Records from a dataset
########################################

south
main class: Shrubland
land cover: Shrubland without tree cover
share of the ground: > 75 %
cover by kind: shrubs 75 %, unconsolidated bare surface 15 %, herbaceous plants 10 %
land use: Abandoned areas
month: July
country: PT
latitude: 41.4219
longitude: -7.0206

########################################

WHAT TO PRODUCE
All that is wanted is the set of lines from the one with "land cover: Shrubland without tree cover" through the last line of the entries, both included, output exactly.

WRITTEN ANSWER
land cover: Shrubland without tree cover
share of the ground: > 75 %
cover by kind: shrubs 75 %, unconsolidated bare surface 15 %, herbaceous plants 10 %
land use: Abandoned areas
month: July
country: PT
latitude: 41.4219
longitude: -7.0206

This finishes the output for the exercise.